What you will do :: Omitting all images, set down every line below exactly as it appears.

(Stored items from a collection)
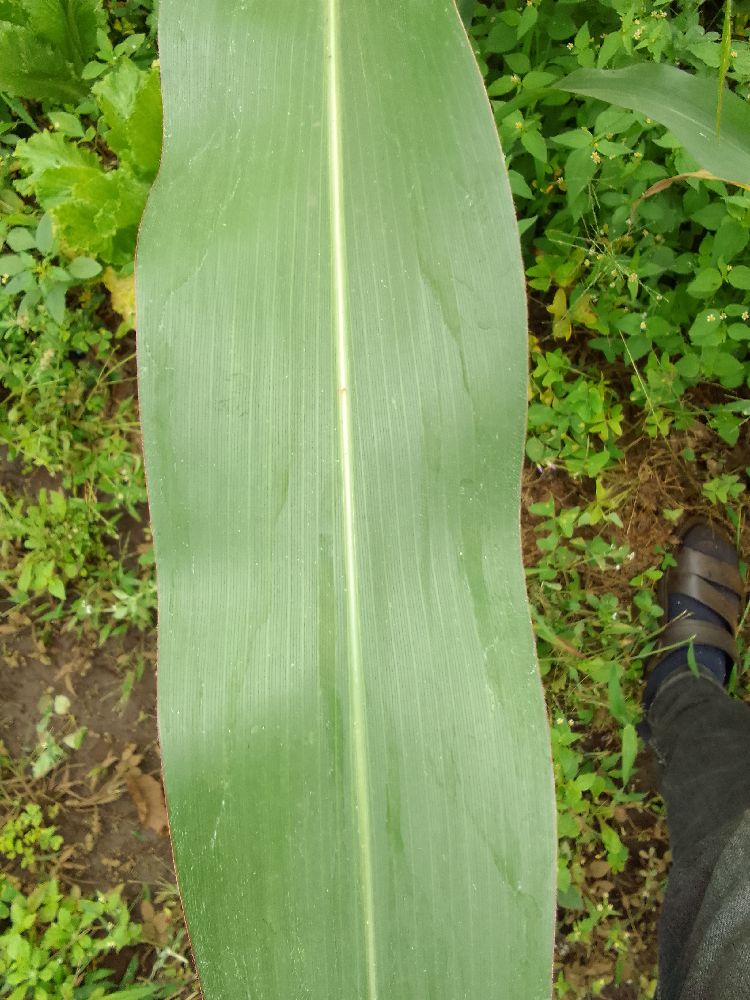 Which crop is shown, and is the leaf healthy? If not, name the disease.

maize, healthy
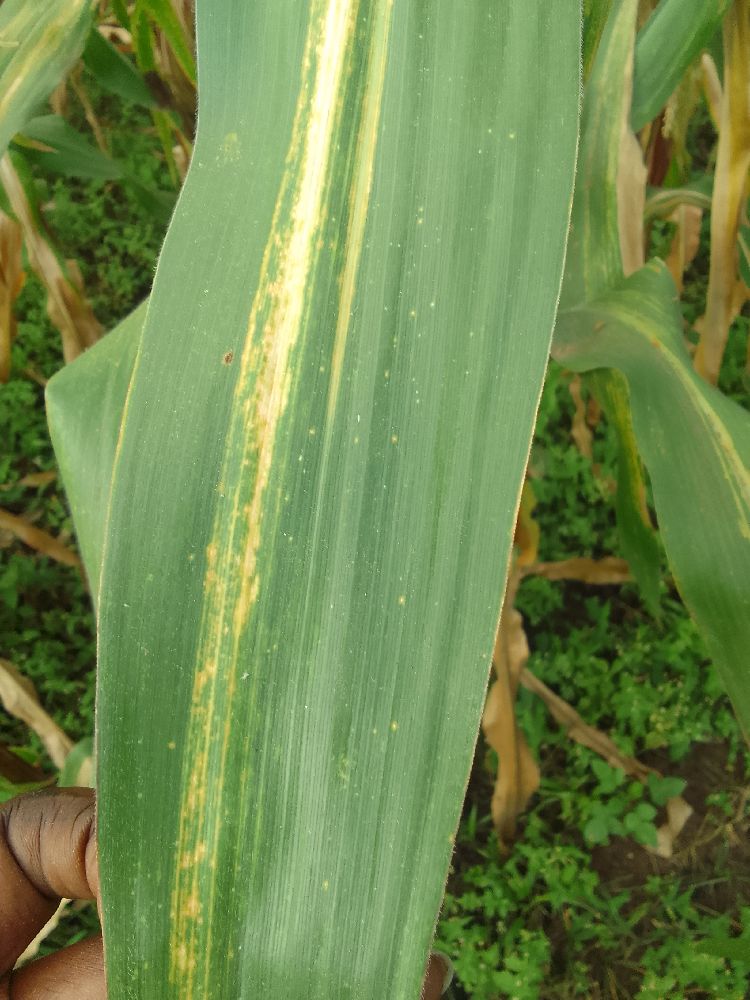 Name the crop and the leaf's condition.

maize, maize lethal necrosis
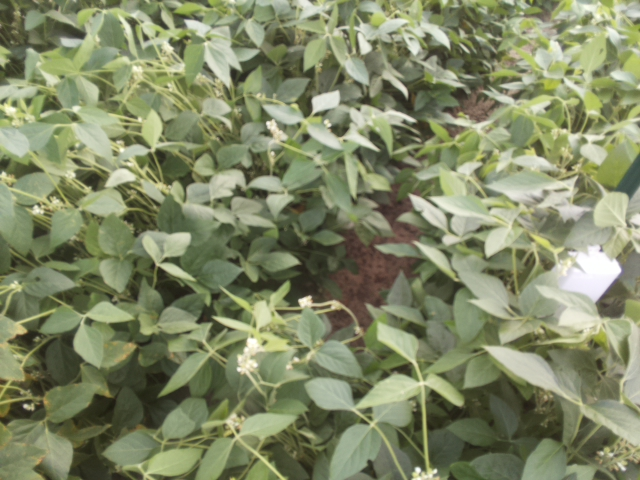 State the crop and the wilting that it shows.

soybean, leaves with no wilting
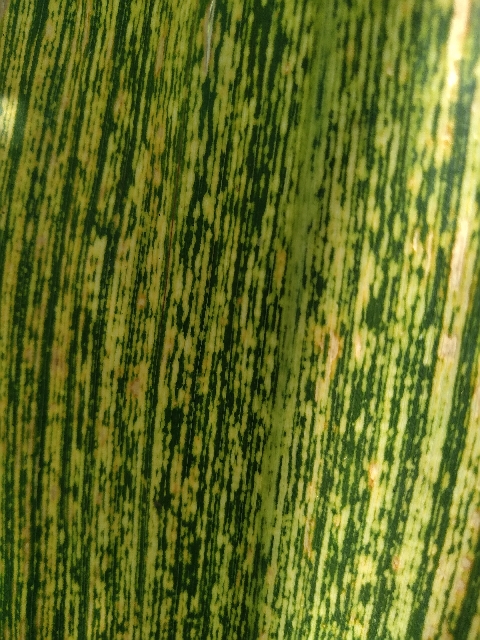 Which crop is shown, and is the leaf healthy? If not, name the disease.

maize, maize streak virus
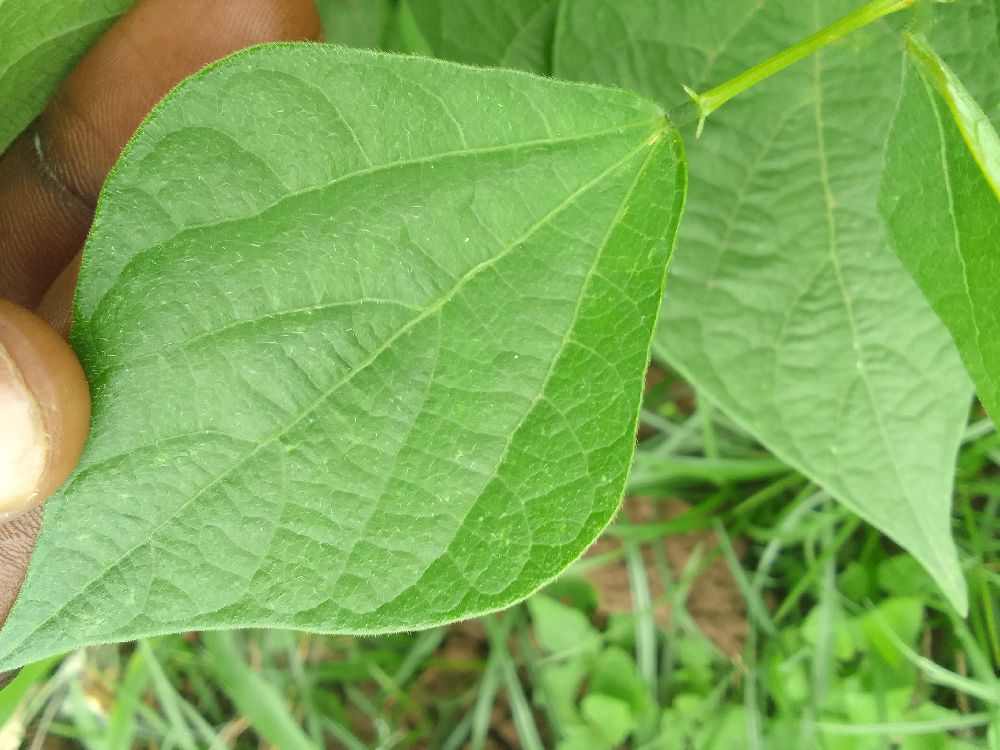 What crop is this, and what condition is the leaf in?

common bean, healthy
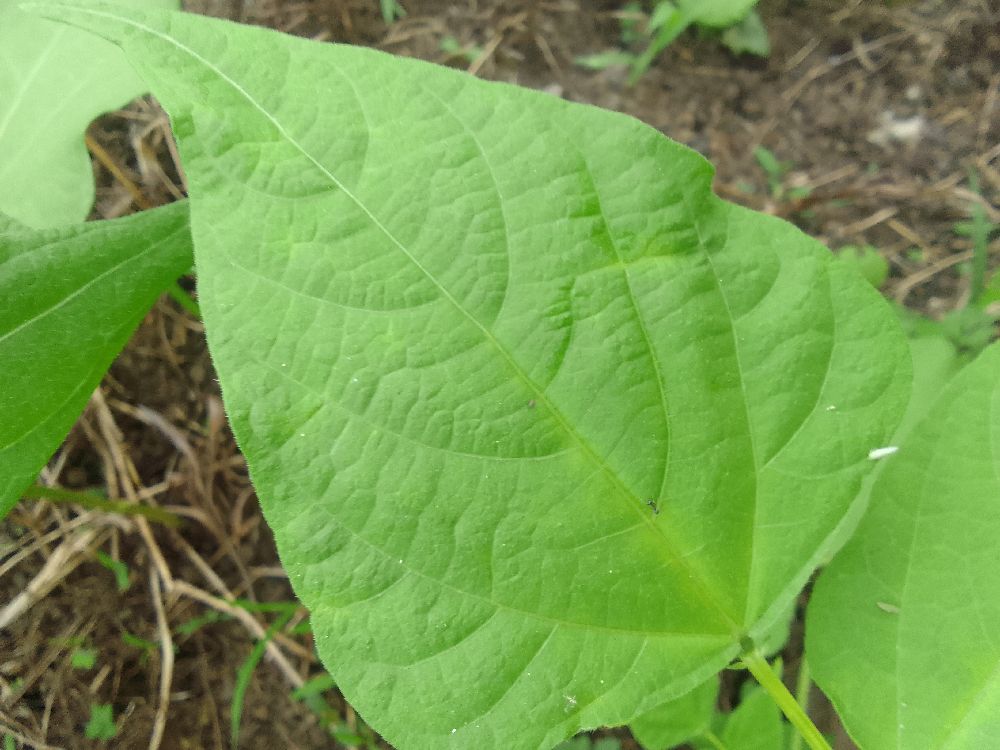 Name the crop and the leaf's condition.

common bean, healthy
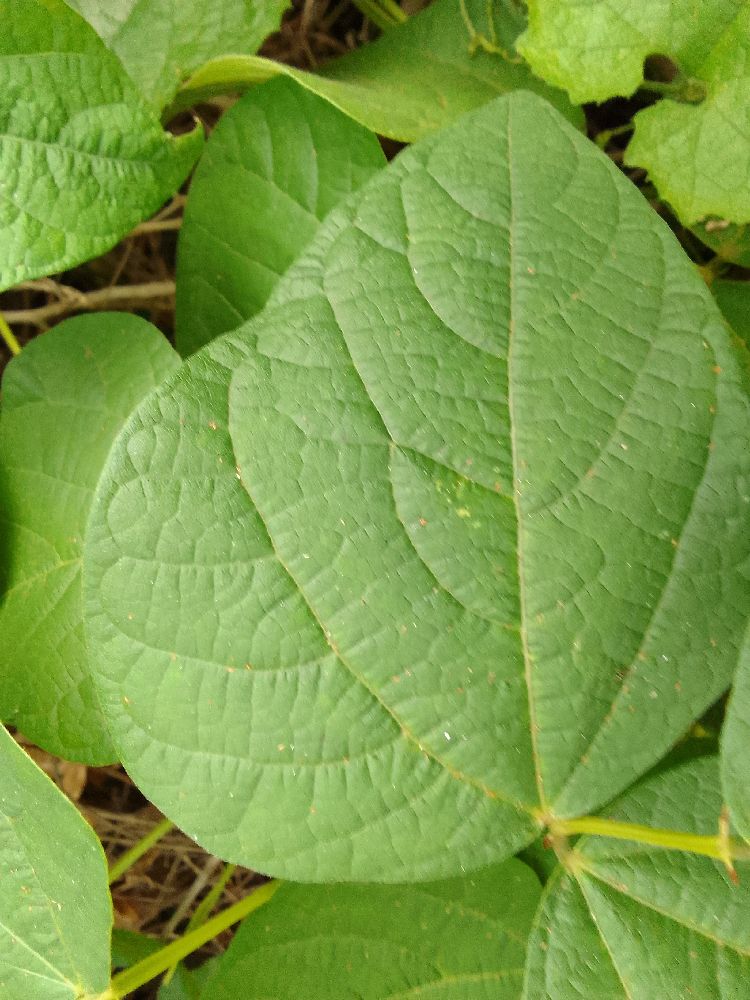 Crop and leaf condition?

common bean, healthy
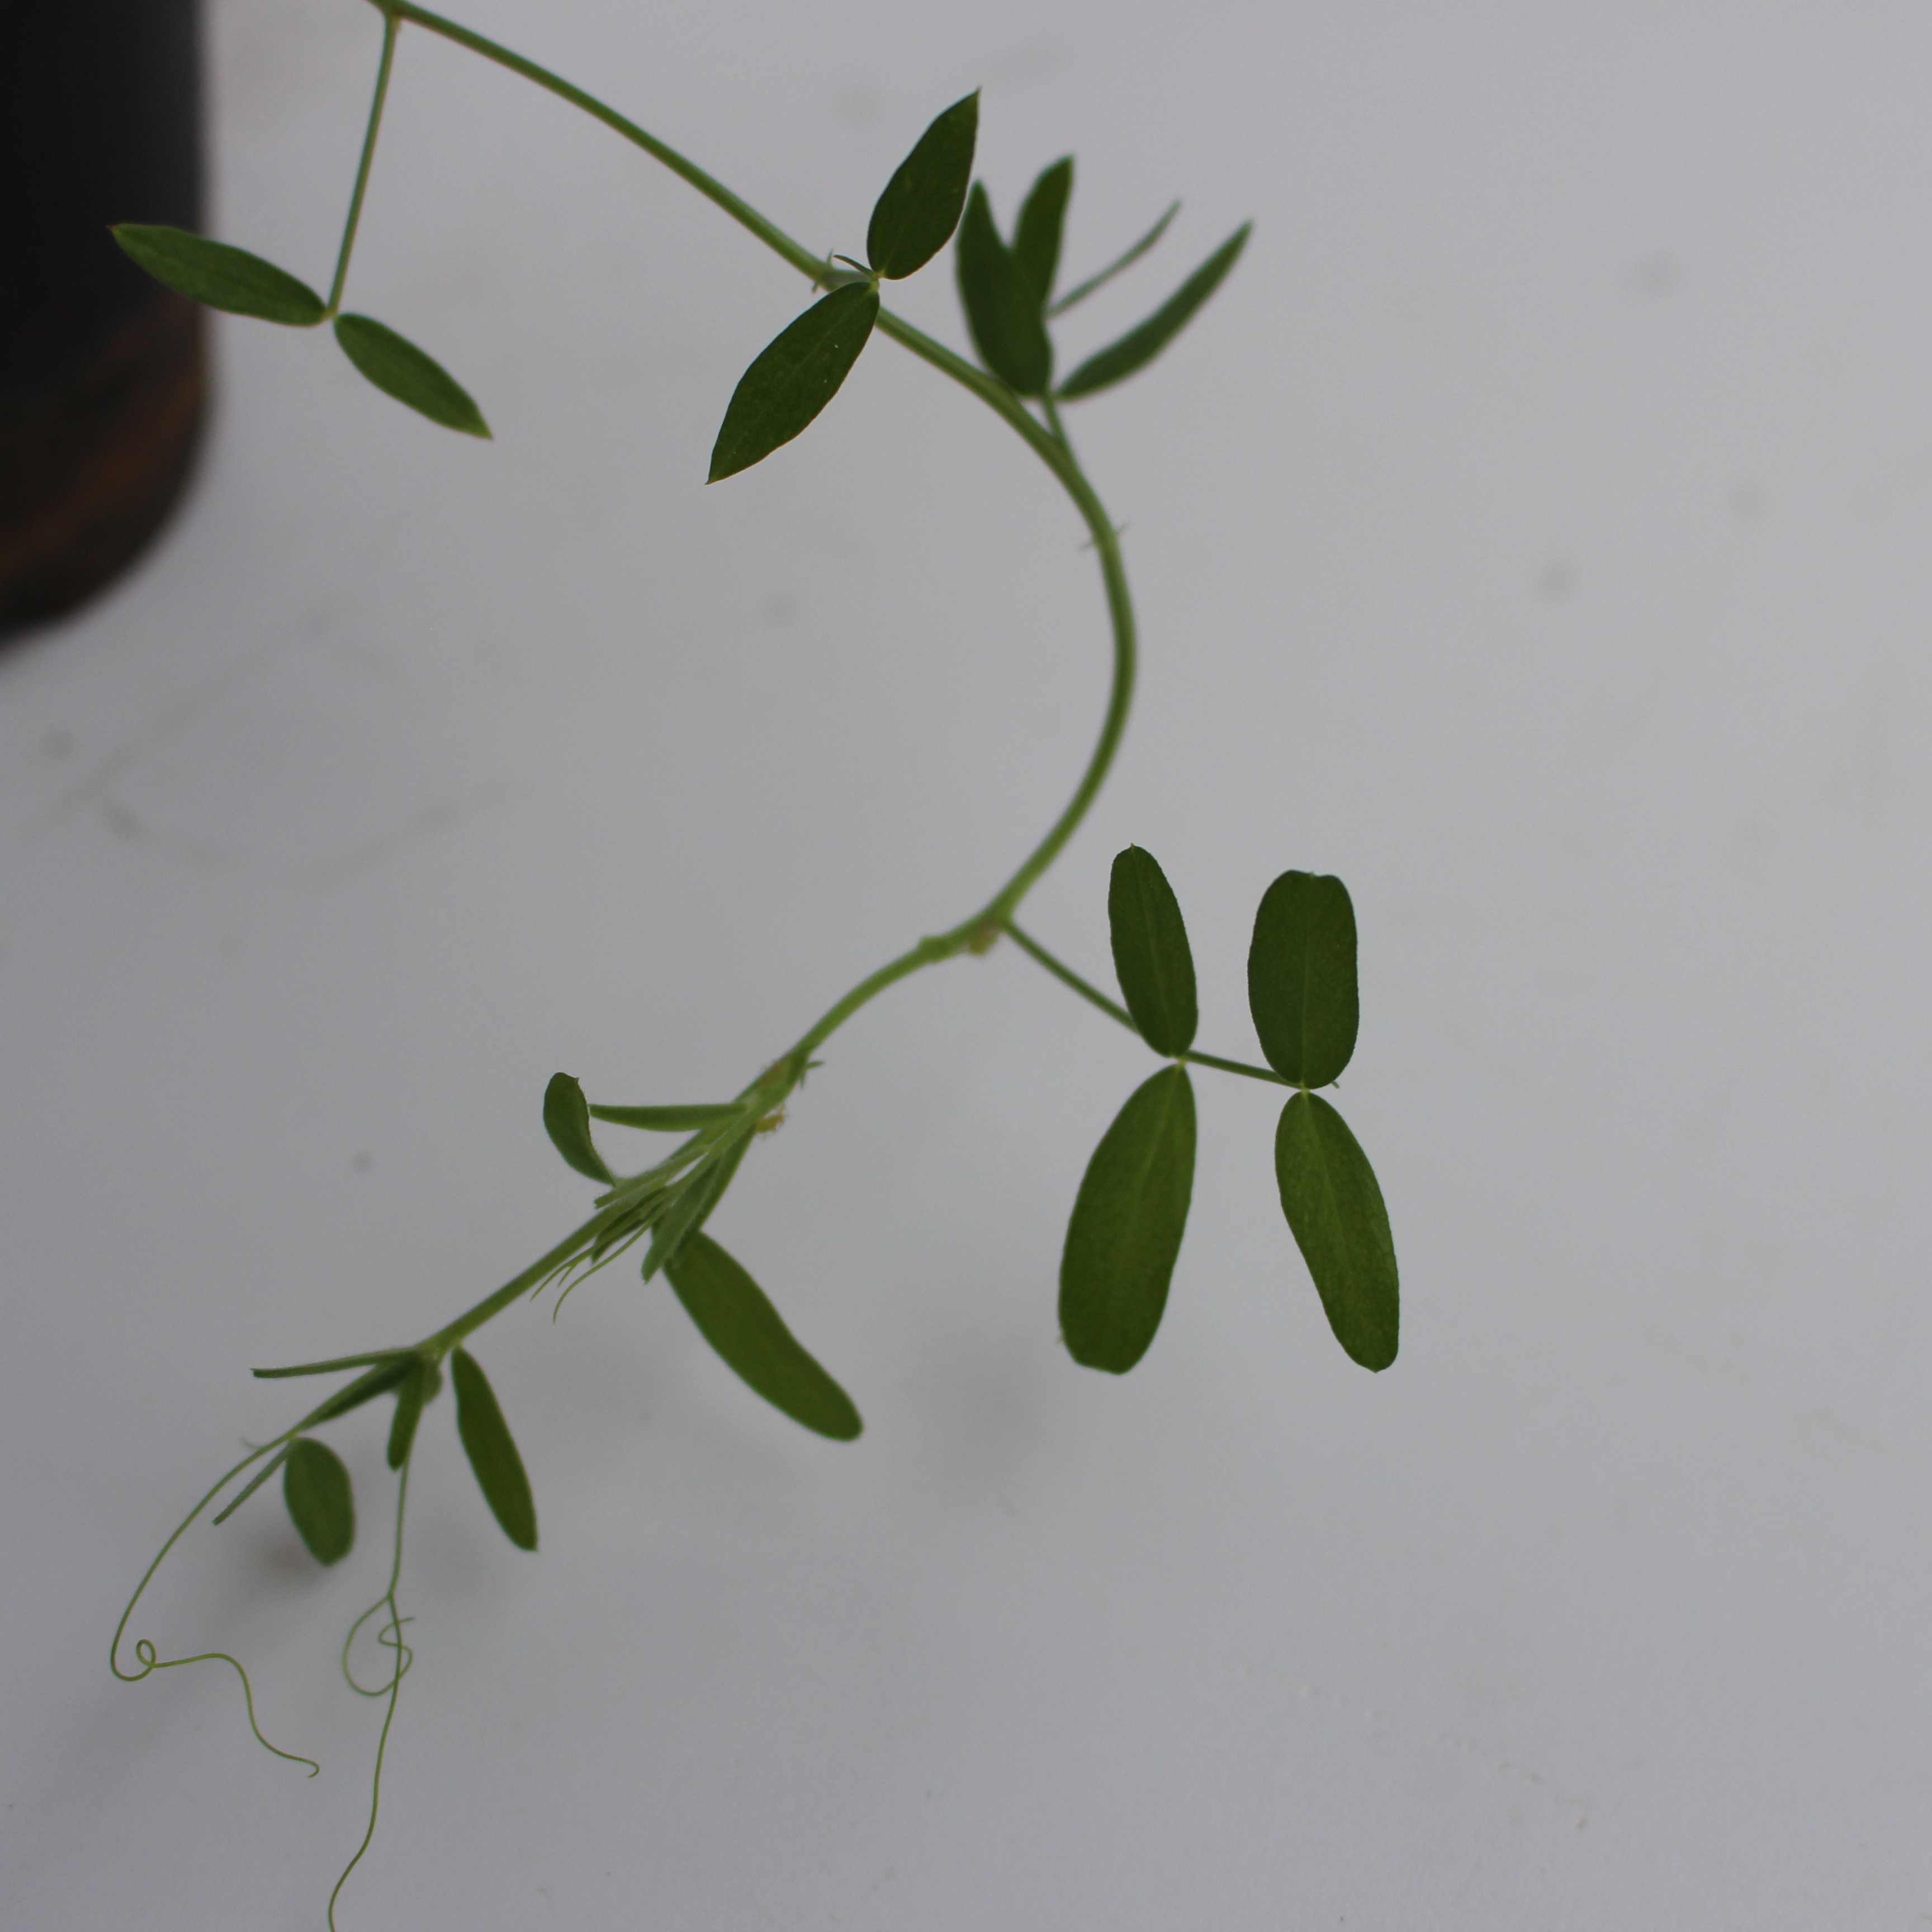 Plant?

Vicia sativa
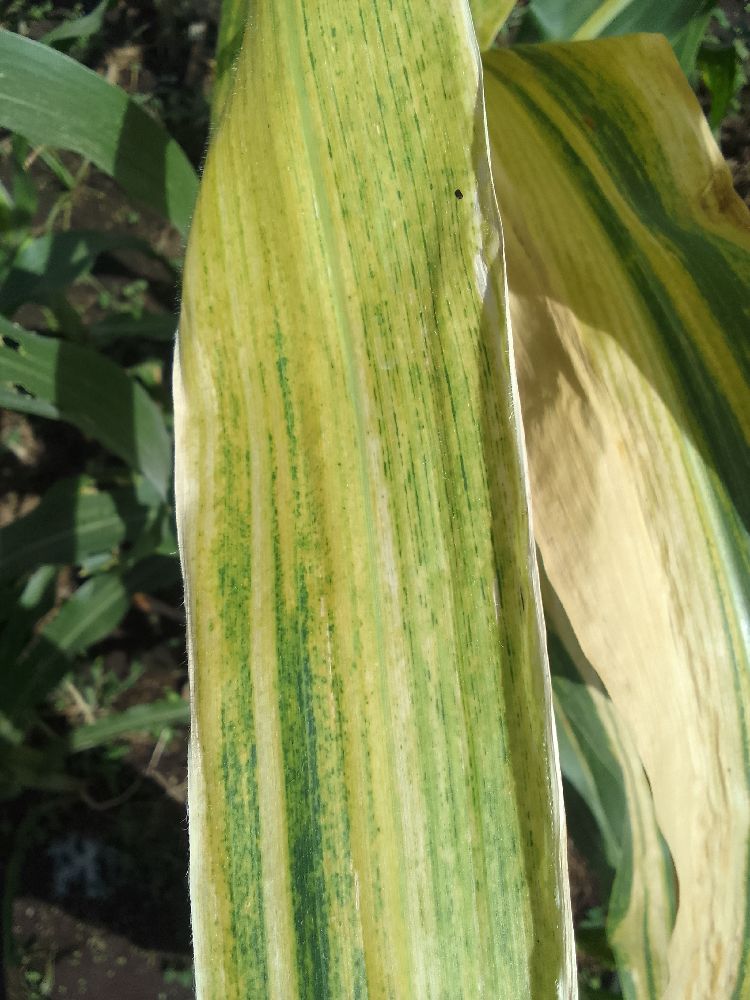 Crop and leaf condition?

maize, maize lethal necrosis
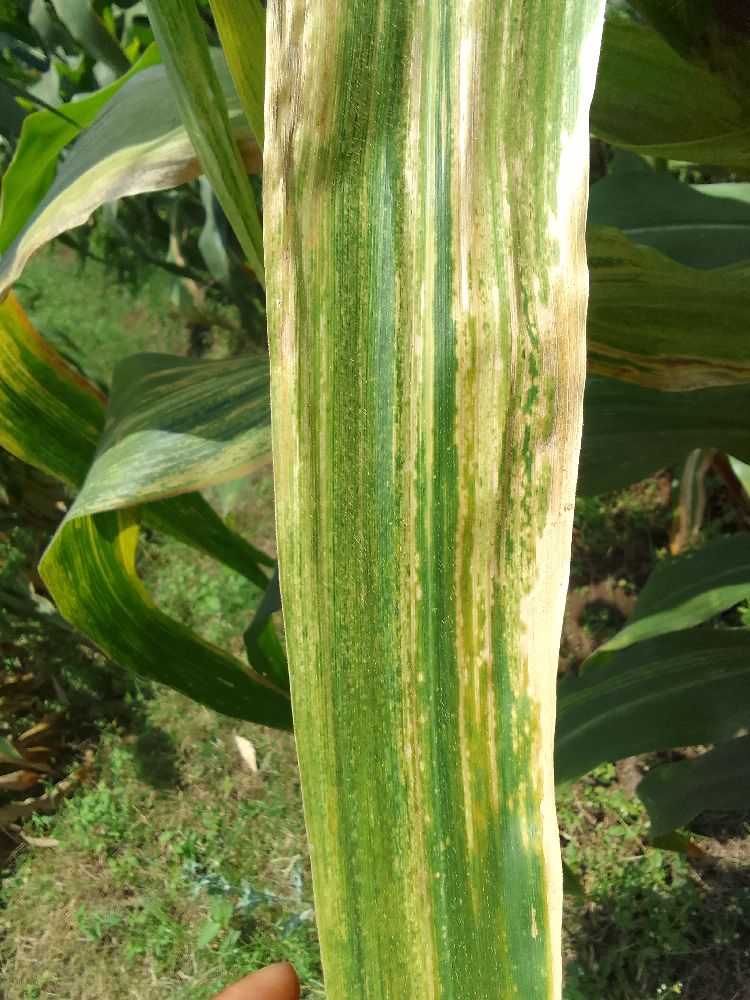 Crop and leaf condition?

Exercise answer ::
 Which crop is shown, and is the leaf healthy? If not, name the disease.

maize, healthy
 Name the crop and the leaf's condition.

maize, maize lethal necrosis
 State the crop and the wilting that it shows.

soybean, leaves with no wilting
 Which crop is shown, and is the leaf healthy? If not, name the disease.

maize, maize streak virus
 What crop is this, and what condition is the leaf in?

common bean, healthy
 Name the crop and the leaf's condition.

common bean, healthy
 Crop and leaf condition?

common bean, healthy
 Plant?

Vicia sativa
 Crop and leaf condition?

maize, maize lethal necrosis
 Crop and leaf condition?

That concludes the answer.